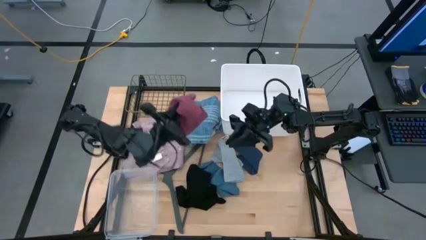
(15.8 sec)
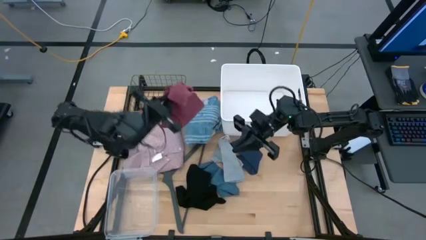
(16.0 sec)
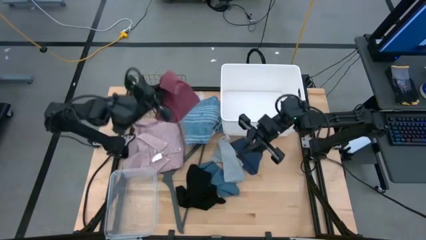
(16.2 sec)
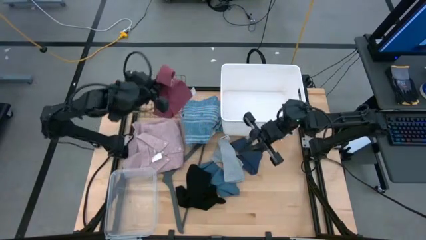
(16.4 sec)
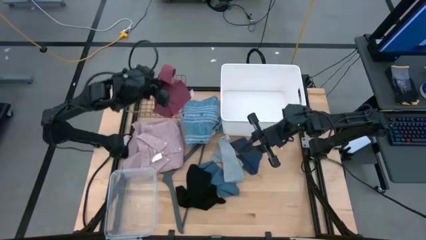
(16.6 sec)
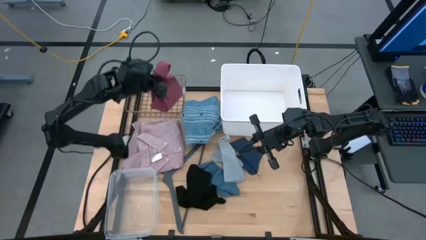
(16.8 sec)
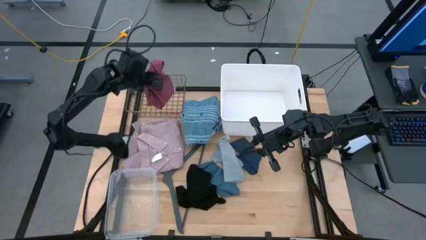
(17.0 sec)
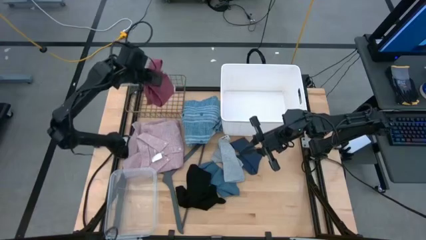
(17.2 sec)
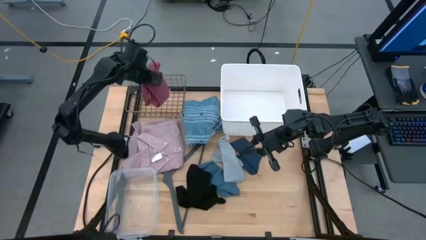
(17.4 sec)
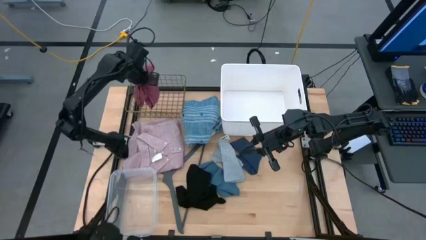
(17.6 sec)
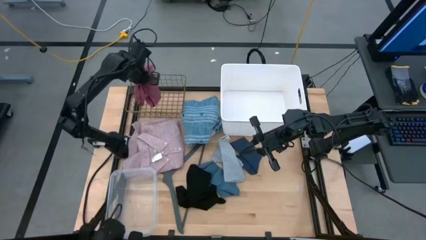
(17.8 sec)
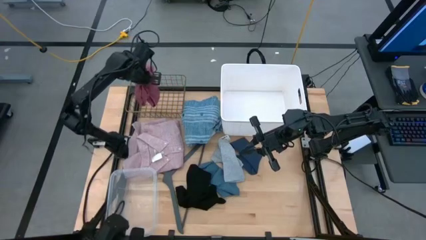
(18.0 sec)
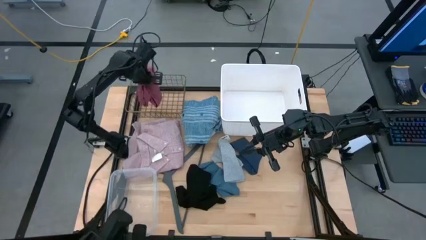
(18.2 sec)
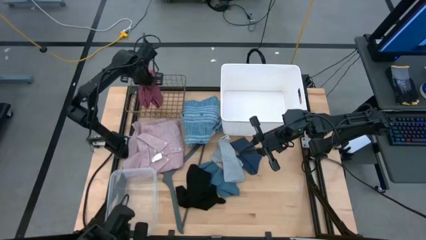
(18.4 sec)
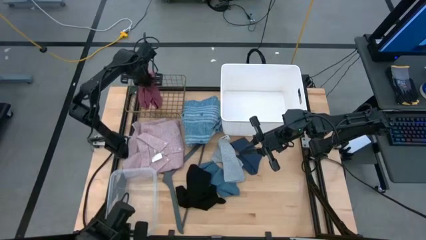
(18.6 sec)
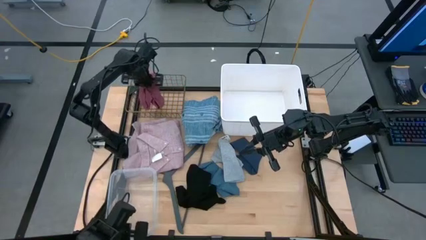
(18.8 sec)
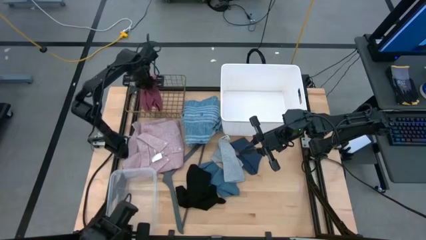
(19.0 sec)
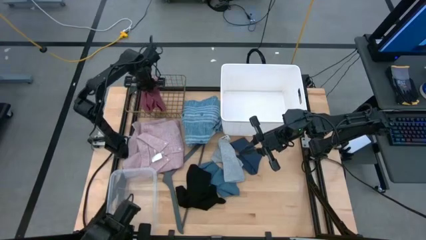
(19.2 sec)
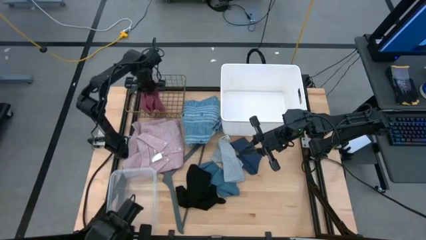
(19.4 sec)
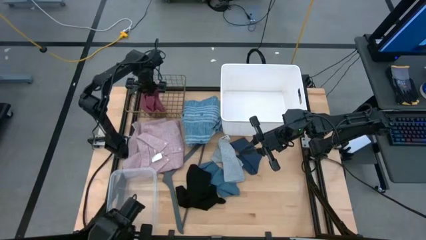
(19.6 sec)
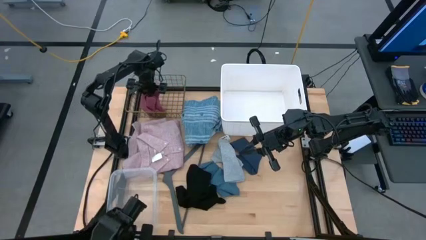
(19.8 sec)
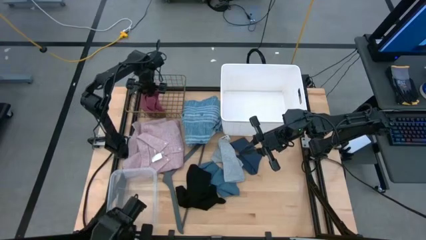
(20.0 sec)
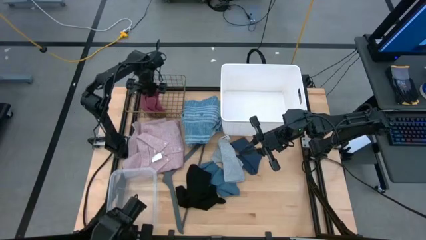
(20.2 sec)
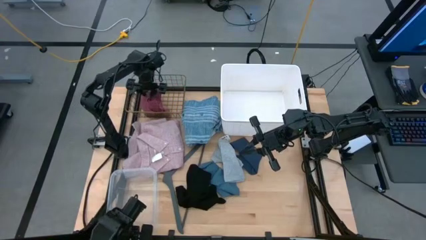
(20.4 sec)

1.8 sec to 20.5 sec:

────────────────

→ **EXERCISE DETAILS**: The whole listing is to be written out exactly; the pictures stay out of the copy.

→ **TASK RESULT**:
(15.8 sec)
(16.0 sec)
(16.2 sec)
(16.4 sec)
(16.6 sec)
(16.8 sec)
(17.0 sec)
(17.2 sec)
(17.4 sec)
(17.6 sec)
(17.8 sec)
(18.0 sec)
(18.2 sec)
(18.4 sec)
(18.6 sec)
(18.8 sec)
(19.0 sec)
(19.2 sec)
(19.4 sec)
(19.6 sec)
(19.8 sec)
(20.0 sec)
(20.2 sec)
(20.4 sec)

1.8 sec to 20.5 sec:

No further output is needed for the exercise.